Sejamos realistas: essa soberba só tem lugar numa imaginação tresloucada. Nós temos de lutar contra outras formas mais sutis, mais freqüentes: o orgulho de preferir a excelência própria à dos outros; a vaidade nas conversas, nos pensamentos e nos gestos; uma suscetibilidade quase enfermiça, que se sente ofendida com palavras e ações que de modo algum significam um agravo.

Tudo isto é que pode ser e é uma tentação comum. O homem considera-se a si próprio como o sol e o centro dos que estão ao seu redor. Tudo deve girar em torno dele. E, com a sua preocupação mórbida, não raramente recorre até à simulação da dor, da tristeza e da doença: para que os outros cuidem dele e o mimem.

A maioria dos conflitos em que se debate a vida interior de muita gente é fabricada pela imaginação: É que disseram…, é que podem pensar…, é que não me consideram… E essa pobre alma sofre, pela sua triste fatuidade, com suspeitas que não são reais. Nessa aventura infeliz, a sua amargura é contínua, e procura produzir desassossego nos outros: porque não sabe ser humilde, porque não aprendeu a esquecer-se de si própria para se dar generosamente ao serviço dos outros por amor a Deus.
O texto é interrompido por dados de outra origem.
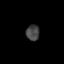
Tissue: prostate
Cell type: Myeloid cells
Senescence score: 0.7058
Nuclear area (px): 207
Mean DAPI intensity: 67.401
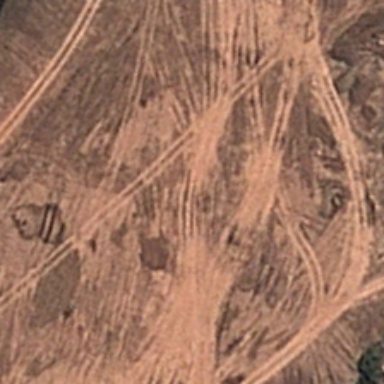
Many signs are in a piece of khaki bareland .
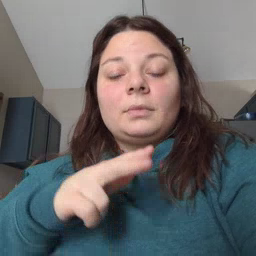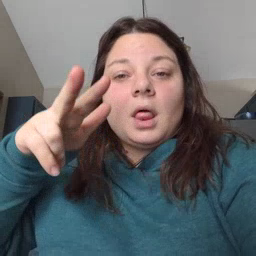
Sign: helicopter

Livra-me de tudo o que de mau e perverso existe no homem. De novo o texto da Missa nos fala do bom endeusamento. Põe em relevo diante dos nossos olhos a ruim matéria de que estamos feitos, com todas as inclinações malvadas; e depois suplica: Emitte lucem tuam, envia a tua luz e a tua verdade, que me guiaram e me trouxeram ao teu monte santo. Não me importo de vos contar que me emocionei ao recitar estas palavras do Gradual.

Como havemos de comportar-nos para adquirir esse endeusamento bom? Lemos no Evangelho que Jesus não queria ir à Judéia, porque os judeus o procuravam para matá-lo. Ele, que com um desejo da sua vontade poderia eliminar os seus inimigos, serve-se também dos meios humanos. Ele, que era Deus e só precisava de uma decisão sua para mudar as circunstâncias, deixou-nos uma lição encantadora: não foi à Judéia. Seus parentes disseram-lhe: Sai daqui e vai à Judéia, para que também os teus discípulos admirem as obras que fazes. Pretendiam que desse espetáculo. Vedes? Vedes o que é uma lição de endeusamento bom e endeusamento mau?